Students hand university president rainbow flags to protest ban on gay employees – LGBTQ Nation
Students and alumni at Seattle Pacific University have been staging a sit-in for weeks, protesting the private Christian university’s policy banning employees from being gay.
The protest culminated with students handing rainbow flags to SPU President Pete Menjares in exchange for their diplomas at their graduation ceremony.
Related: Student protestors disrupt anti-LGBTQ presentation at school board meeting
The protests came in response to a decision by SPU’s board of trustees in May not to change the school’s “Employee Lifestyle Expectations,” which bar employees from engaging in “sexual behavior that is inconsistent with the University’s understanding of Biblical standards.”
According to the policy, that includes same-sex sexual activity.
“Employees who engage in any of these activities may face disciplinary action up to and including termination of employment with the University,” the policy states.
“The board made a decision that it believed was most in line with the university’s mission and statement of faith and chose to have SPU remain in communion with its founding denomination, the Free Methodist Church USA, as a core part of its historical identity as a Christian university,” SPU board chair Cedric Davis said in a statement last month. The Free Methodist Church USA, which according to The Guardian has contributed $324,000 to the university, had threatened to cut ties with the school if the policy was changed.

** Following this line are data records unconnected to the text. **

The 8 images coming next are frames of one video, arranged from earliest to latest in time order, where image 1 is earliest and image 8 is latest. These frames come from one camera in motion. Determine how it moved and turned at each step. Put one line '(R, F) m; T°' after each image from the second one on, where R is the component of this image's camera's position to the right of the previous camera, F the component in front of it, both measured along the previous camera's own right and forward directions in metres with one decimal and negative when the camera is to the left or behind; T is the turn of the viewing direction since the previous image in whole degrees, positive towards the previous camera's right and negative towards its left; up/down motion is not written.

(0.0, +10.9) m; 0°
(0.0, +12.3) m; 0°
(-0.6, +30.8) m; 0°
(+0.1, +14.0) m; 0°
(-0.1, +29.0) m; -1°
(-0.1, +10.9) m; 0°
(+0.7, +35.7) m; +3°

SPU has not filed for a religious exemption under Title IX, the federal education law barring discrimination based on sex, or Title VII, the law prohibiting employment discrimination based on sex, according to The Guardian. The Supreme Court ruled in Bostock v. Clayton Co. in 2020 that Title VII’s ban on discrimination based on sex outlaws anti-LGBTQ job discrimination as well, and President Joe Biden issued an executive order saying that Title IX’s protections include LGBTQ people as well.
A 2021 lawsuit brought by an SPU professor claiming the school had denied him tenure because he is gay was settled out of court. SPU’s faculty senate subsequently passed a vote of no confidence in the school’s board of trustees, which had upheld the anti-gay policy. In early June, the faculty senate passed a resolution in support of changing the policy to allow same-sex sexual activity within the context of marriage.
Summing up the protesters’ outrage, 22-year-old Leah Duff posed a question for SPU’s administration: “You’re going to charge me thousands of dollars every quarter to come here and to get an education, but you’re not going to provide me the education that I deserve as a queer person by having queer staff and faculty?” The Guardian reports. “You talk about being ecumenical, being so diverse. And it’s like, where is it?”
SPU student government president Laur Lugos says students plan to continue the sit-in well after graduation. As Lugos tells The Seattle Times, “Students have organized it and have been the ones putting it together, but the entire community is backing this and supporting this.”